Henriette Walter et Pierre Avenas, auteurs de La fabuleuse histoire du nom des poissons : du tout petit poisson-clown au très grand requin blanc. (Éditions Robert Laffont, 2011) détaillent le fonctionnement électrique de ce poisson mythique :


Un dispositif électrique très performant : Il est normal que le poisson-torpille ait attiré l'attention des hommes depuis la plus haute Antiquité car ses capacités électriques sont extraordinaires. Ses oranges électriques, qui ressemblent à deux grands haricots, un de chaque côté de la tête, sont constitués de centaines de colonnettes, constituées elles-mêmes de centaines de petits éléments empilés comme ceux d'une pile de Volta : ce sont des cellules musculaires transformées (au cours de l'évolution des espèces), de telle sorte qu'elles produisent de l'énergie sous forme électrique, et non plus sous forme mécanique.

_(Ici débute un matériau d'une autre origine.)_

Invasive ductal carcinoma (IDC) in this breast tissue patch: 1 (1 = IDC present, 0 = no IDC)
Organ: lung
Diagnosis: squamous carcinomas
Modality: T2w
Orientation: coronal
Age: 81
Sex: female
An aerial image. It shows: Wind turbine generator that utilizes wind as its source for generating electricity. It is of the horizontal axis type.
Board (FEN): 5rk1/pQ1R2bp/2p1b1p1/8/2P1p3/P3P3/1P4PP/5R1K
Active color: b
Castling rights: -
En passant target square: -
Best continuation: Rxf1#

Le poisson peut ainsi engendrer une tension allant jusqu'à 220 volts (entre le dos chargé positivement, et le ventre chargé négativement), avec une intensité de plusieurs ampères, pendant un temps court certes, mais suffisant pour tétaniser un poisson qui s'aventure au voisinage. Qui plus est grâce à des capteurs de champ électrique placé sur son dos, ce poisson est capable d'évaluer la taille de la proie visée et d'envoyer une décharge d'intensité adaptée à cette taille, en évitant ainsi de dépenser son énergie pour rien. Nul doute que le pied d'un plongeur imprudent appellera la réaction la plus violente, et on comprend bien que le poisson-torpille soit aussi appelée raie électrique.

Au contact de ce poisson-torpille, le nageur ressent un douloureux choc électrique, qui provoque en lui paralysie et tremblements, d'où en allemand, Zitterrochen, formé de zittern « trembler » et Rochen « raie », et en espagnol, tembladera, de temblar « trembler ». Cette raie électrique se vend d'ailleurs en France sur les marchés sous le nom de tremble.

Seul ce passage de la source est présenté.